• [Saved data entries]
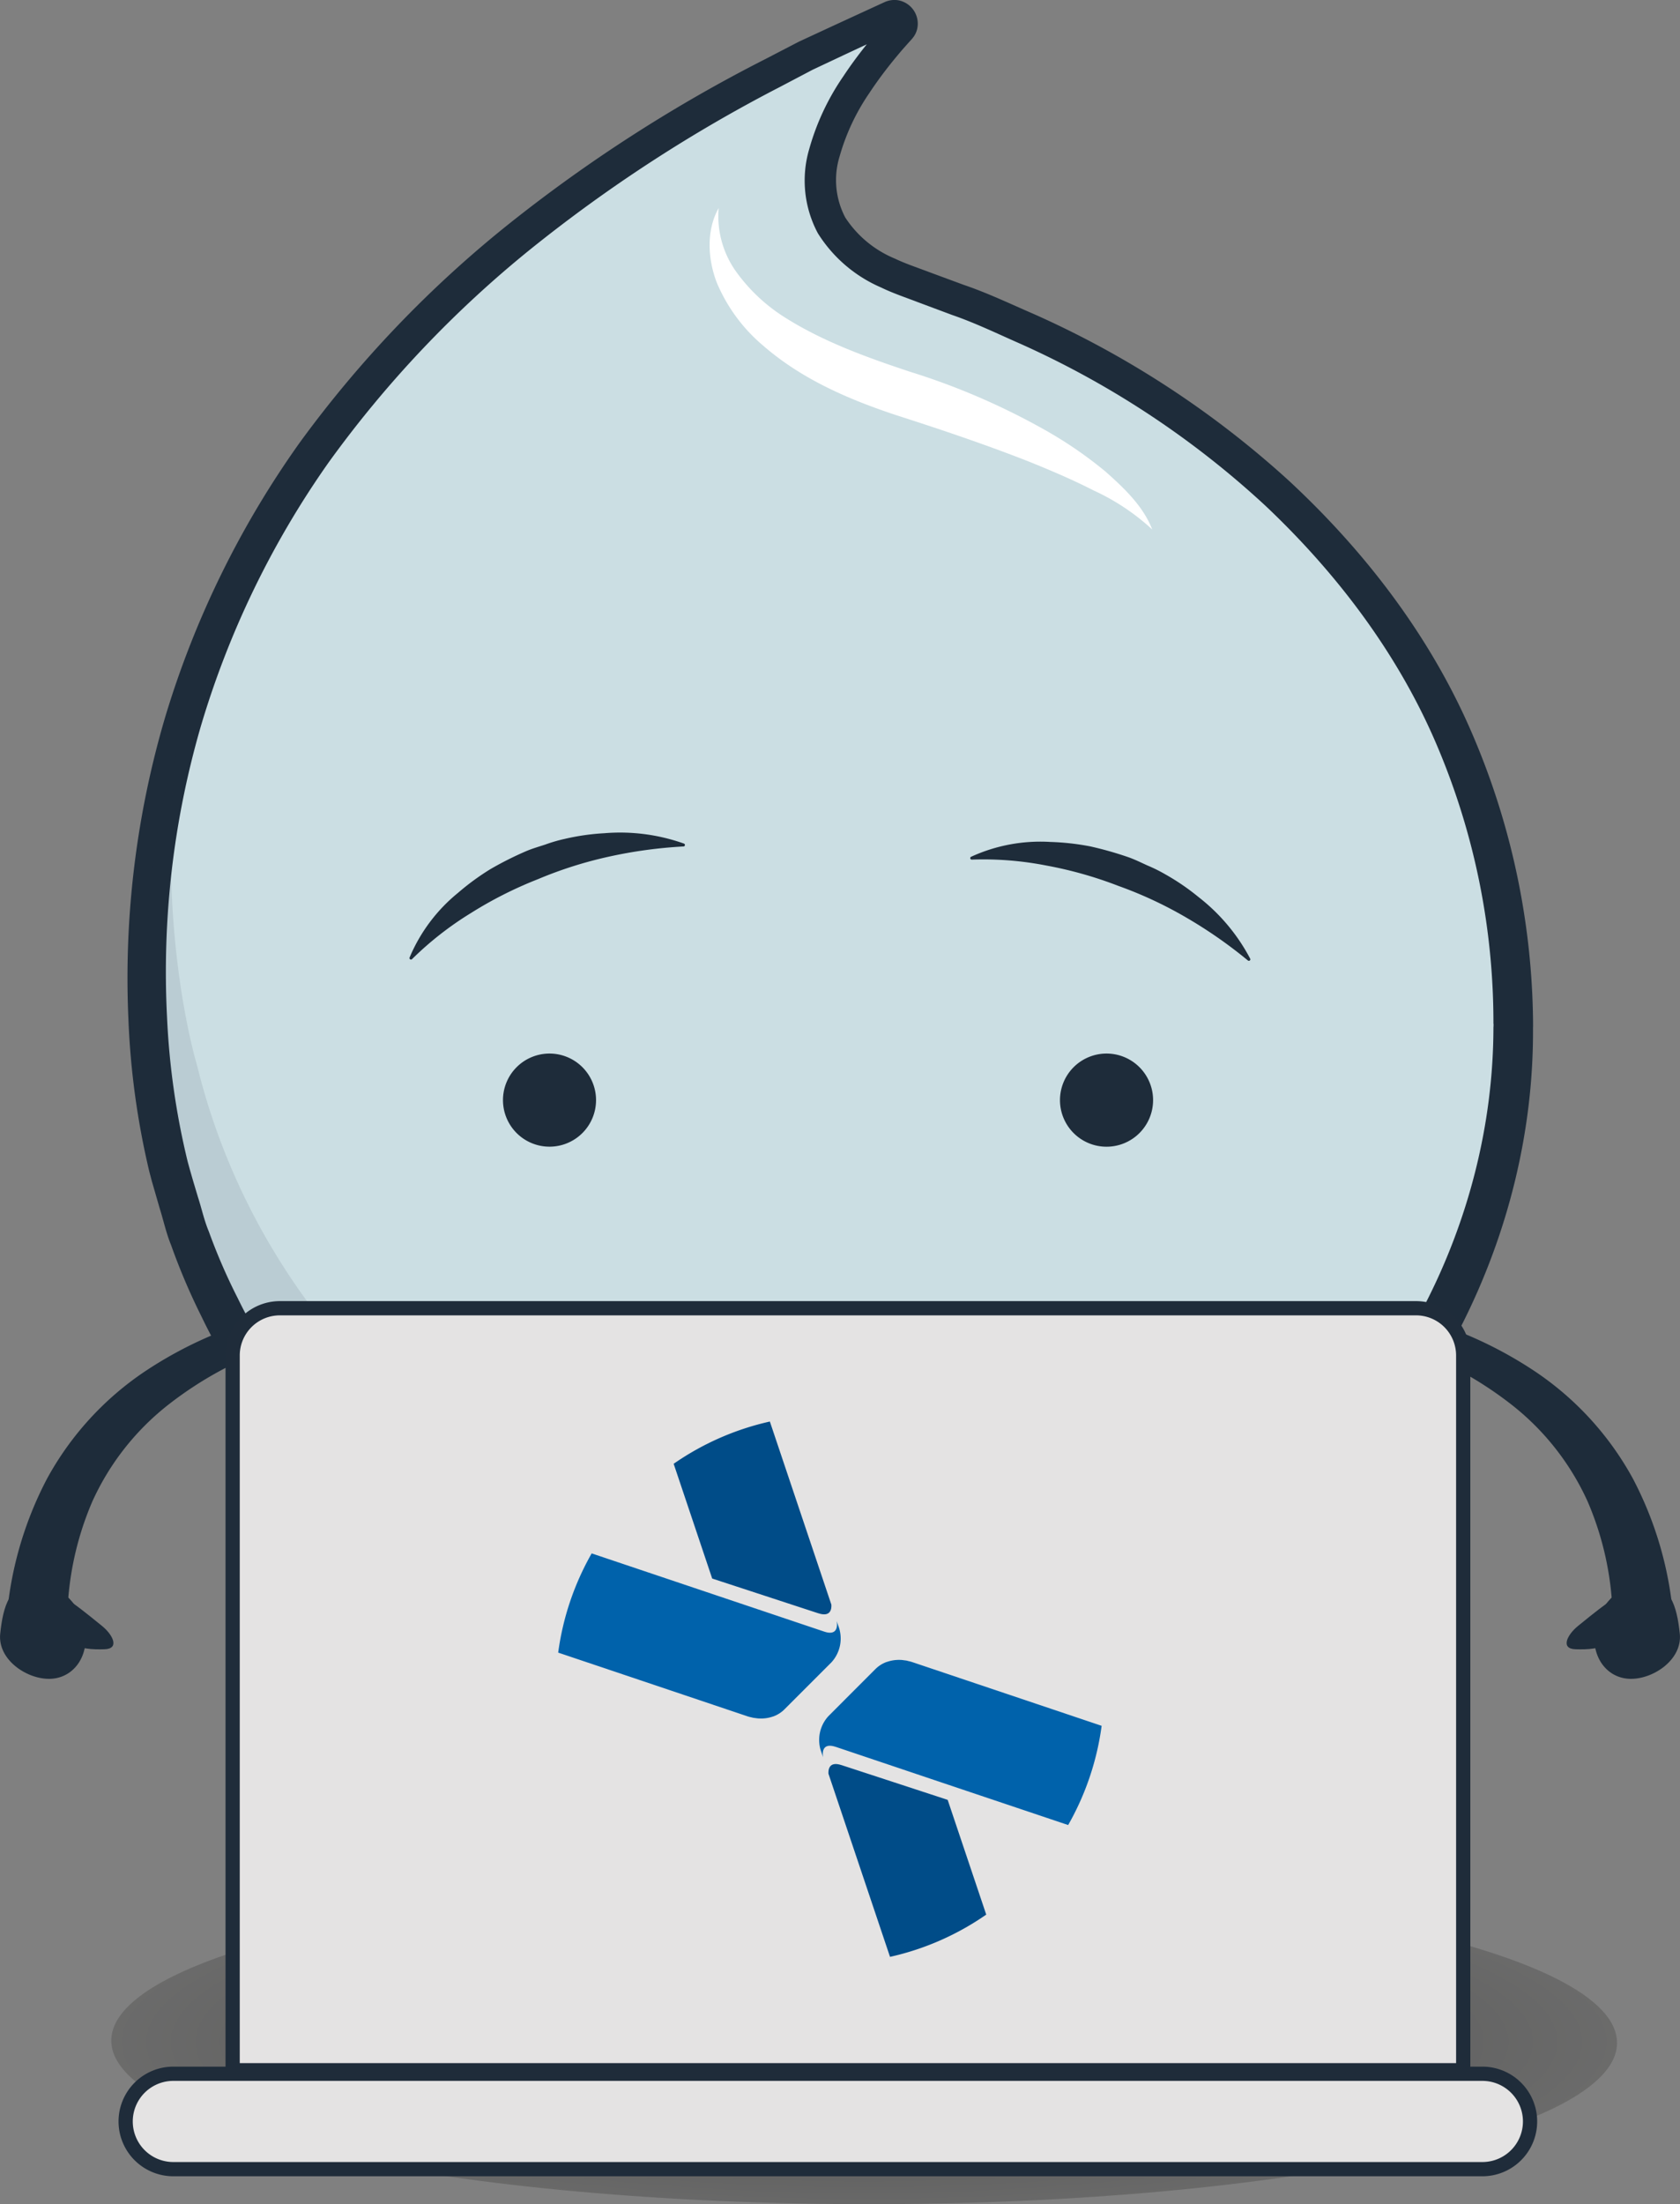 <svg xmlns="http://www.w3.org/2000/svg" xmlns:xlink="http://www.w3.org/1999/xlink" width="236.125" height="309.632" viewBox="0 0 236.125 309.632">
  <rect x="0" y="0" width="236.125" height="309.632" fill="#808080" stroke="none"/>
  <defs>
    <clipPath id="clip-path">
      <rect id="Rettangolo_1831" data-name="Rettangolo 1831" width="236.125" height="309.632" fill="none"/>
    </clipPath>
    <clipPath id="clip-path-2">
      <rect id="Rettangolo_1830" data-name="Rettangolo 1830" width="211.629" height="45.637" fill="none"/>
    </clipPath>
    <clipPath id="clip-path-3">
      <path id="Tracciato_844" data-name="Tracciato 844" d="M231.321,161.276c-57.942.1-104.214,10.248-104.214,22.659s46.272,22.7,104.214,22.975c.472,0,.95.005,1.422.005h1.909c57.407-.109,104.084-10.108,104.084-22.659,0-12.676-47.575-22.887-105.729-22.981Z" transform="translate(-127.107 -161.276)" fill="none"/>
    </clipPath>
    <radialGradient id="radial-gradient" cx="0.5" cy="0.5" r="1.753" gradientUnits="objectBoundingBox">
      <stop offset="0" stop-color="#161615"/>
      <stop offset="1" stop-color="#fff"/>
    </radialGradient>
    <clipPath id="clip-path-4">
      <path id="Tracciato_853" data-name="Tracciato 853" d="M232.719,110.909c-129.472,56.458-103.1,156.417-101.22,162.96a2.816,2.816,0,0,1,.088.306c9.9,40.311,47.787,70.332,93.017,70.332,52.774,0,95.544-40.861,95.544-91.242v-.3a.712.712,0,0,0,.01-.15c.135-48.841-32.787-86.894-84.144-104.287-24.158-8.172-9.277-27.91-1.987-35.822a1.153,1.153,0,0,0-.856-1.9,1.11,1.11,0,0,0-.451.1" transform="translate(-128.061 -110.81)" fill="none"/>
    </clipPath>
    <linearGradient id="linear-gradient" x1="-11.89" y1="8.644" x2="-11.873" y2="8.644" gradientUnits="objectBoundingBox">
      <stop offset="0" stop-color="#9ebdca"/>
      <stop offset="0.358" stop-color="#b4cdd6"/>
      <stop offset="0.721" stop-color="#c5d9df"/>
      <stop offset="1" stop-color="#cbdee3"/>
    </linearGradient>
    <clipPath id="clip-path-6">
      <rect id="Rettangolo_1834" data-name="Rettangolo 1834" width="172.569" height="131.459" fill="none"/>
    </clipPath>
  </defs>
  <g id="Raggruppa_687" data-name="Raggruppa 687" transform="translate(-124.092 -110.397)">
    <g id="Raggruppa_677" data-name="Raggruppa 677" transform="translate(124.092 110.397)">
      <g id="Raggruppa_676" data-name="Raggruppa 676" clip-path="url(#clip-path)">
        <g id="Raggruppa_675" data-name="Raggruppa 675" transform="translate(15.644 263.993)" opacity="0.48">
          <g id="Raggruppa_674" data-name="Raggruppa 674">
            <g id="Raggruppa_673" data-name="Raggruppa 673" clip-path="url(#clip-path-2)">
              <g id="Raggruppa_672" data-name="Raggruppa 672" transform="translate(-0.001 -0.002)">
                <g id="Raggruppa_671" data-name="Raggruppa 671" clip-path="url(#clip-path-3)">
                  <path id="Tracciato_843" data-name="Tracciato 843" d="M136.477,160.484,357.6,164.8l-11.382,49.546L125.1,210.03Z" transform="translate(-135.532 -164.593)" fill="url(#radial-gradient)"/>
                </g>
              </g>
            </g>
          </g>
        </g>
        <path id="Tracciato_845" data-name="Tracciato 845" d="M159.618,145.542a74.343,74.343,0,0,1,19.348,2.376,57.258,57.258,0,0,1,18.114,8,42.859,42.859,0,0,1,13.7,15.047,50.915,50.915,0,0,1,5.671,19.686,4.276,4.276,0,1,1-8.514.8c-.01-.1-.01-.2-.016-.3V191.1a43.176,43.176,0,0,0-3.518-16.946,36.3,36.3,0,0,0-10.715-13.631,52.125,52.125,0,0,0-15.955-8.478,70.865,70.865,0,0,0-18.1-3.611l-.088-.005a1.444,1.444,0,0,1,.073-2.885" transform="translate(18.747 36.786)" fill="#1e2c3a"/>
        <path id="Tracciato_846" data-name="Tracciato 846" d="M167.413,159.6c-.7,3.7,1.4,6.875,4.68,7.082s7.581-2.6,7.2-6.32c-.415-4.042-1.4-6.875-4.675-7.088s-6.512,2.625-7.207,6.325" transform="translate(56.804 69.143)" fill="#1e2c3a"/>
        <path id="Tracciato_847" data-name="Tracciato 847" d="M168.1,157.733c-1.5,1.23-2.48,3.2-.291,3.248,1.567.042,3.674.031,5.183-1.2s1.64-2.682.291-3.248,4.753-6.927-5.183,1.2" transform="translate(53.659 70.7)" fill="#1e2c3a"/>
        <path id="Tracciato_848" data-name="Tracciato 848" d="M181.1,148.432a70.865,70.865,0,0,0-18.1,3.611,52.123,52.123,0,0,0-15.955,8.478,36.3,36.3,0,0,0-10.715,13.631,43.267,43.267,0,0,0-3.518,16.946v.041a4.274,4.274,0,1,1-8.546-.176,3.059,3.059,0,0,1,.016-.311,50.982,50.982,0,0,1,5.671-19.686,42.875,42.875,0,0,1,13.7-15.052,57.23,57.23,0,0,1,18.114-7.99,74.152,74.152,0,0,1,19.348-2.382,1.444,1.444,0,0,1,.078,2.885Z" transform="translate(-123.36 36.786)" fill="#1e2c3a"/>
        <path id="Tracciato_849" data-name="Tracciato 849" d="M136,159.6c.7,3.7-1.4,6.875-4.68,7.082s-7.581-2.6-7.2-6.32c.415-4.042,1.4-6.875,4.675-7.088S135.3,155.9,136,159.6" transform="translate(-124.091 69.143)" fill="#1e2c3a"/>
        <path id="Tracciato_850" data-name="Tracciato 850" d="M131.8,157.733c1.5,1.23,2.48,3.2.291,3.248-1.567.042-3.674.031-5.183-1.2s-1.64-2.682-.291-3.248-4.753-6.927,5.183,1.2" transform="translate(-117.427 70.7)" fill="#1e2c3a"/>
        <path id="Tracciato_851" data-name="Tracciato 851" d="M170.114,215.043c.763,0,1.058-.913,1-1.468L164.8,156.328a2.661,2.661,0,0,0-5.3.436l2.724,50.563a28.8,28.8,0,0,0-7.124-.394,42.4,42.4,0,0,0-5.884.809,22.426,22.426,0,0,0-5.3,1.65,6.58,6.58,0,0,0-2.849,2.532c-.477,1.017-.789,3.118.415,3.118Z" transform="translate(-54.761 72.064)" fill="#1e2c3a"/>
        <path id="Tracciato_852" data-name="Tracciato 852" d="M149.3,215.043c-.768,0-1.064-.913-1-1.468l6.309-57.246a2.659,2.659,0,0,1,5.3.436l-2.719,50.563a28.789,28.789,0,0,1,7.124-.394,42.441,42.441,0,0,1,5.879.809,22.426,22.426,0,0,1,5.3,1.65,6.58,6.58,0,0,1,2.849,2.532c.477,1.017.794,3.118-.415,3.118Z" transform="translate(-22.714 72.064)" fill="#1e2c3a"/>
      </g>
    </g>
    <g id="Raggruppa_679" data-name="Raggruppa 679" transform="translate(144.687 112.539)">
      <g id="Raggruppa_678" data-name="Raggruppa 678" clip-path="url(#clip-path-4)">
        <rect id="Rettangolo_1832" data-name="Rettangolo 1832" width="301.274" height="292.73" transform="matrix(0.402, -0.915, 0.915, 0.402, -110.895, 195.867)" fill="url(#linear-gradient)"/>
      </g>
    </g>
    <g id="Raggruppa_686" data-name="Raggruppa 686" transform="translate(124.092 110.397)">
      <g id="Raggruppa_685" data-name="Raggruppa 685" clip-path="url(#clip-path)">
        <path id="Tracciato_854" data-name="Tracciato 854" d="M325.1,254.562a4.719,4.719,0,0,1-.067.716l.057-.571c.218,29.072-14.414,57.838-38.022,74.851a101.648,101.648,0,0,1-121.751-.908c-11.373-8.961-21.092-20.225-27.386-33.337a89.4,89.4,0,0,1-4.26-10.009c-.69-1.676-1.069-3.482-1.619-5.22l-.758-2.631-.337-1.162-.353-1.344a111.134,111.134,0,0,1-2.932-21.419,129.409,129.409,0,0,1,5.22-42.557,131.845,131.845,0,0,1,18.892-38.437A159.675,159.675,0,0,1,181.354,141.7a211.579,211.579,0,0,1,35.828-22.991l4.722-2.449,4.825-2.236,4.825-2.221,2.418-1.11a3.4,3.4,0,0,1,1.78-.27,3.338,3.338,0,0,1,2.735,4.234,3.134,3.134,0,0,1-.431.887c-.093.125-.192.259-.285.363l-.109.119-.431.477-.846.955c-.55.649-1.095,1.3-1.624,1.966-1.058,1.328-2.06,2.7-2.983,4.1a30.31,30.31,0,0,0-4.146,8.852,11.292,11.292,0,0,0,.8,8.587,15.293,15.293,0,0,0,6.963,5.765c1.5.716,2.963,1.193,4.675,1.842l5.017,1.852c3.378,1.147,6.6,2.693,9.874,4.109a134.146,134.146,0,0,1,35.786,23.37c10.507,9.739,19.515,21.372,25.372,34.6a104.785,104.785,0,0,1,8.982,42.059m-5.573-.01a99.409,99.409,0,0,0-8.151-39.932c-5.438-12.588-13.911-23.743-23.9-33.176A127.184,127.184,0,0,0,253.05,158.7c-3.175-1.391-6.294-2.911-9.578-4.042l-4.877-1.821c-1.572-.607-3.45-1.23-5.121-2.044a19.66,19.66,0,0,1-8.9-7.627,15.7,15.7,0,0,1-1.2-11.866,34.272,34.272,0,0,1,4.774-10.165c1.012-1.531,2.1-3,3.232-4.416.571-.706,1.157-1.4,1.749-2.091l.9-1.012.457-.5.114-.124a.4.4,0,0,0-.083.1,1.4,1.4,0,0,0-.145.306,1,1,0,0,0,.27,1.059.981.981,0,0,0,.55.239,1.122,1.122,0,0,0,.5-.047l-2.366,1.105-4.742,2.216-4.732,2.226-4.628,2.433a208.026,208.026,0,0,0-34.935,22.7,155.246,155.246,0,0,0-28.486,30.053,126.921,126.921,0,0,0-17.953,37.052,123.752,123.752,0,0,0-4.748,40.84,105.532,105.532,0,0,0,2.9,20.3l.332,1.209.394,1.37.726,2.433c.524,1.608.867,3.264,1.531,4.836a82.662,82.662,0,0,0,4.063,9.36c5.972,12.261,15.182,22.773,25.907,31.127a94.556,94.556,0,0,0,36.865,16.858,97.821,97.821,0,0,0,40.554.27,95.363,95.363,0,0,0,37-16.469c22.182-15.867,36.118-42.521,36.155-69.855l.057-.566a1.557,1.557,0,0,0-.047.41" transform="translate(-109.626 -110.403)" fill="#1e2c3a"/>
        <g id="Raggruppa_684" data-name="Raggruppa 684" transform="translate(20.604 104.375)" opacity="0.1">
          <g id="Raggruppa_683" data-name="Raggruppa 683">
            <g id="Raggruppa_682" data-name="Raggruppa 682" clip-path="url(#clip-path-6)">
              <g id="Raggruppa_681" data-name="Raggruppa 681">
                <g id="Raggruppa_680" data-name="Raggruppa 680" clip-path="url(#clip-path-6)">
                  <path id="Tracciato_855" data-name="Tracciato 855" d="M233.561,250.314c-47.834,0-87.9-31.749-98.371-74.379l-.093-.327c-.783-2.714-5.552-20.671-2.771-45.094-8.546,31.967-1.754,57.62-.83,60.826.047.151.078.254.088.306,9.9,40.305,47.787,70.327,93.017,70.327a96.964,96.964,0,0,0,76.034-36.009,103.383,103.383,0,0,1-67.074,24.35" transform="translate(-128.061 -130.515)" fill="#1e2c3a"/>
                </g>
              </g>
            </g>
          </g>
        </g>
        <path id="Tracciato_856" data-name="Tracciato 856" d="M205.523,161.182a31.538,31.538,0,0,0-8.266-5.495c-2.932-1.5-5.962-2.786-9.018-4.021-6.133-2.413-12.4-4.519-18.721-6.548-6.538-2.169-13.2-4.991-18.695-9.775a23.417,23.417,0,0,1-6.491-8.81c-1.328-3.425-1.474-7.456.254-10.5a13.386,13.386,0,0,0,2.553,9.07,24.454,24.454,0,0,0,6.73,6.278c5.308,3.367,11.379,5.578,17.605,7.643a97.517,97.517,0,0,1,18.933,8.162,57.5,57.5,0,0,1,8.592,5.9c2.579,2.3,5.251,4.81,6.522,8.094" transform="translate(-43.576 -86.804)" fill="#fff"/>
        <path id="Tracciato_857" data-name="Tracciato 857" d="M150.8,145.464a6.54,6.54,0,1,1-6.538-6.543,6.541,6.541,0,0,1,6.538,6.543" transform="translate(-67.026 9.078)" fill="#1e2c3a"/>
        <path id="Tracciato_858" data-name="Tracciato 858" d="M165.891,145.464a6.543,6.543,0,1,1-6.548-6.543,6.543,6.543,0,0,1,6.548,6.543" transform="translate(-3.824 9.078)" fill="#1e2c3a"/>
        <path id="Tracciato_859" data-name="Tracciato 859" d="M135.223,150.43a23.39,23.39,0,0,1,6.787-9.028,34.969,34.969,0,0,1,4.556-3.331,47.212,47.212,0,0,1,5.043-2.532c.866-.368,1.774-.623,2.667-.918a21.549,21.549,0,0,1,2.708-.789,32.208,32.208,0,0,1,5.573-.8,26.8,26.8,0,0,1,11.14,1.432l.068.026a.208.208,0,0,1-.052.4,64.879,64.879,0,0,0-10.455,1.422,57.419,57.419,0,0,0-10.035,3.181,56.192,56.192,0,0,0-9.4,4.748,45.994,45.994,0,0,0-8.286,6.481.21.21,0,0,1-.291,0,.221.221,0,0,1-.052-.228Z" transform="translate(-77.629 -15.984)" fill="#1e2c3a"/>
        <path id="Tracciato_860" data-name="Tracciato 860" d="M150.552,135.261a23.35,23.35,0,0,1,11.1-2.055,35.162,35.162,0,0,1,5.609.628,49.362,49.362,0,0,1,5.427,1.546c.887.322,1.733.742,2.589,1.131a21.5,21.5,0,0,1,2.522,1.251,32.333,32.333,0,0,1,4.654,3.181,26.693,26.693,0,0,1,7.228,8.592l.036.067a.211.211,0,0,1-.088.28.225.225,0,0,1-.228-.021,64.61,64.61,0,0,0-8.66-6.029,56.9,56.9,0,0,0-9.537-4.447,56.2,56.2,0,0,0-10.128-2.864,46,46,0,0,0-10.486-.835.209.209,0,0,1-.218-.2.2.2,0,0,1,.114-.192Z" transform="translate(-14.003 -14.933)" fill="#1e2c3a"/>
        <path id="Tracciato_861" data-name="Tracciato 861" d="M303.352,252.858H130.394V152.452a6.637,6.637,0,0,1,6.641-6.636h159.68a6.635,6.635,0,0,1,6.636,6.636Z" transform="translate(-97.696 37.959)" fill="#e4e3e3"/>
        <path id="Tracciato_862" data-name="Tracciato 862" d="M303.352,252.858H130.394V152.452a6.637,6.637,0,0,1,6.641-6.636h159.68a6.635,6.635,0,0,1,6.636,6.636Z" transform="translate(-97.696 37.959)" fill="none" stroke="#1f2c3a" stroke-width="2"/>
        <path id="Tracciato_863" data-name="Tracciato 863" d="M318.184,179.939H134.195a6.7,6.7,0,1,1,0-13.4H318.184a6.7,6.7,0,1,1,0,13.4" transform="translate(-109.834 124.773)" fill="#e4e3e3"/>
        <path id="Tracciato_864" data-name="Tracciato 864" d="M318.184,179.939H134.195a6.7,6.7,0,1,1,0-13.4H318.184a6.7,6.7,0,1,1,0,13.4Z" transform="translate(-109.834 124.773)" fill="none" stroke="#1f2c3a" stroke-width="2"/>
        <path id="Tracciato_865" data-name="Tracciato 865" d="M159.31,155.633a4.946,4.946,0,0,0-.529-.135c-.067-.016-.135-.042-.208-.057-.109-.021-.223-.031-.342-.047-.14-.021-.285-.042-.431-.052l-.057-.005v.005a5.162,5.162,0,0,0-1.946.275l-.067.015a4.341,4.341,0,0,0-1.567,1l-6.569,6.574a4.937,4.937,0,0,0-1,5.147l.228.68c-.016-.057-.462-2.226,1.759-1.479v-.005l14.949,5.028,17.73,5.957a38.424,38.424,0,0,0,4.706-13.937Z" transform="translate(-31.13 77.838)" fill="#0062ab"/>
        <path id="Tracciato_866" data-name="Tracciato 866" d="M168.5,178.657l-.01-.01-5.2-15.462L148.364,158.3v.005c-1.738-.571-1.863.628-1.826,1.214l8.65,25.72a38.329,38.329,0,0,0,13.522-5.936l-.208-.612-.005-.036" transform="translate(-30.095 89.651)" fill="#004c88"/>
        <path id="Tracciato_867" data-name="Tracciato 867" d="M164.506,174.6l-8.644-25.72a38.38,38.38,0,0,0-13.522,5.936l.208.612.005.036.01.01,5.194,15.462,14.923,4.883v-.005c1.743.571,1.863-.628,1.826-1.214" transform="translate(-47.658 50.81)" fill="#004c88"/>
        <path id="Tracciato_868" data-name="Tracciato 868" d="M166.4,175.491c.067.016.135.042.208.052.109.021.223.031.337.047.145.021.291.042.436.052l.057.005v-.005a5.059,5.059,0,0,0,1.946-.27l.062-.015a4.33,4.33,0,0,0,1.572-1l6.569-6.569a4.951,4.951,0,0,0,1-5.147l-.234-.685c.015.057.462,2.231-1.759,1.484l-14.948-5.023-17.73-5.962a38.456,38.456,0,0,0-4.706,13.937l26.659,8.966c.176.057.353.093.529.135" transform="translate(-60.756 65.759)" fill="#0062ab"/>
      </g>
    </g>
  </g>
</svg>

• [PROBLEM STATEMENT]
Would you tally the lines above that include "color" and reply with only the total?

• [TASK RESULT]
6